- _ACTIVITY_: Every record below is to be restated word for word, and no picture is to be copied.

--- EXCERPTED DATA Enclosed Below ---

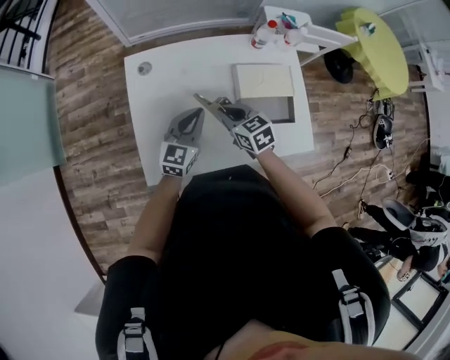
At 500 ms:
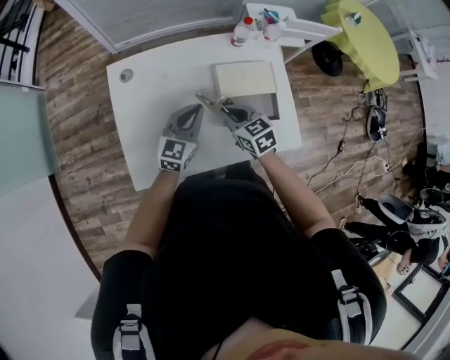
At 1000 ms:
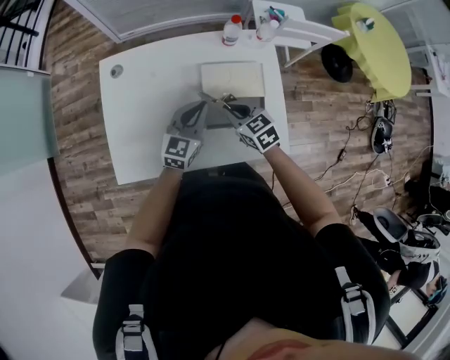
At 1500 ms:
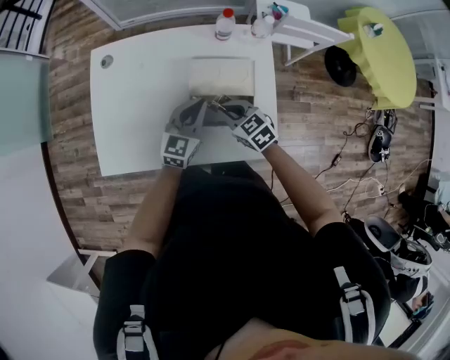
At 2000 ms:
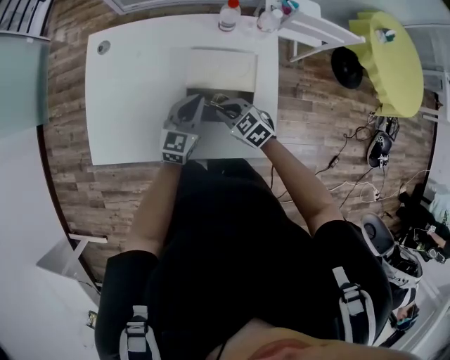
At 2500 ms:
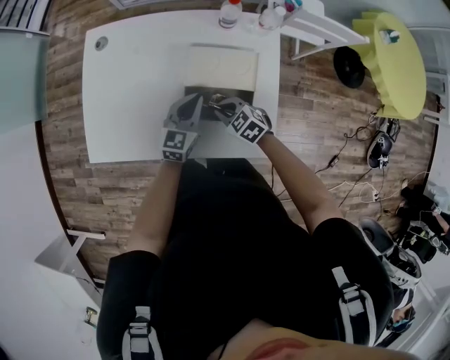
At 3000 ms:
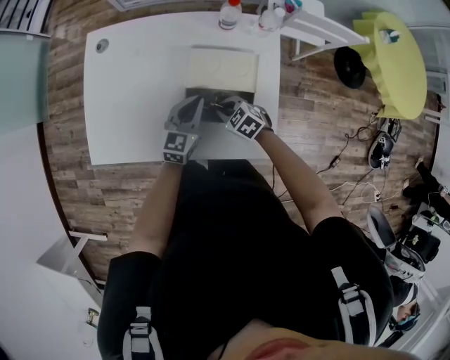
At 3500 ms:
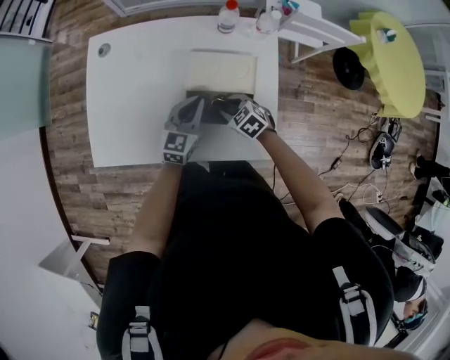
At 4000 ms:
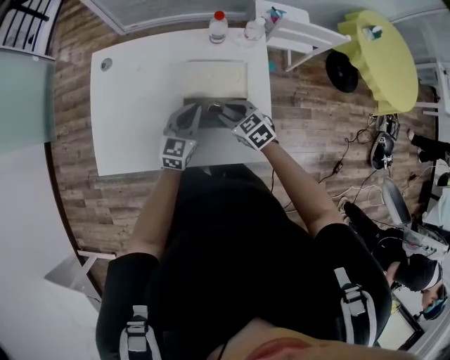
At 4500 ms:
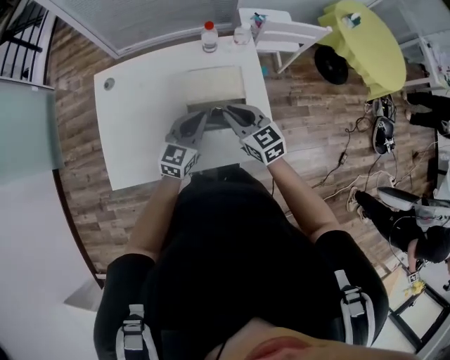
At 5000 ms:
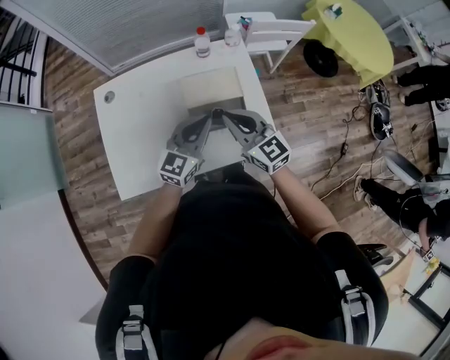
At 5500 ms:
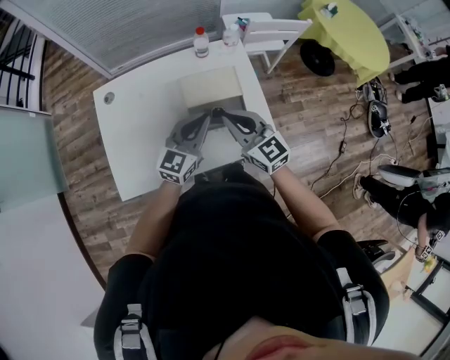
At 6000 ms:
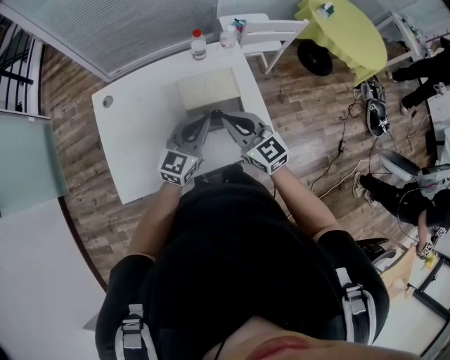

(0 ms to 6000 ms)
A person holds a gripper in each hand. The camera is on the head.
0 ms - 2000 ms: The right gripper moves to the right and downward, some 25 cm, and rotates some 30 degrees. The left gripper shifts approximately 25 cm to the right.
2000 ms - 4000 ms: The right gripper travels downward and back again, about 5 cm each way, and opens up.
4000 ms - 6000 ms: The right gripper goes some 20 cm upward, points its fingers roughly 30 degrees further upward, and closes its fingers, while the left gripper shifts roughly 15 cm upward and backward, and changes its angle by about 30 degrees.

--- End of Enclosed EXCERPTED DATA ---

- _EXERCISE ANSWER_:
At 500 ms:
At 1000 ms:
At 1500 ms:
At 2000 ms:
At 2500 ms:
At 3000 ms:
At 3500 ms:
At 4000 ms:
At 4500 ms:
At 5000 ms:
At 5500 ms:
At 6000 ms:

(0 ms to 6000 ms)
A person holds a gripper in each hand. The camera is on the head.
0 ms - 2000 ms: The right gripper moves to the right and downward, some 25 cm, and rotates some 30 degrees. The left gripper shifts approximately 25 cm to the right.
2000 ms - 4000 ms: The right gripper travels downward and back again, about 5 cm each way, and opens up.
4000 ms - 6000 ms: The right gripper goes some 20 cm upward, points its fingers roughly 30 degrees further upward, and closes its fingers, while the left gripper shifts roughly 15 cm upward and backward, and changes its angle by about 30 degrees.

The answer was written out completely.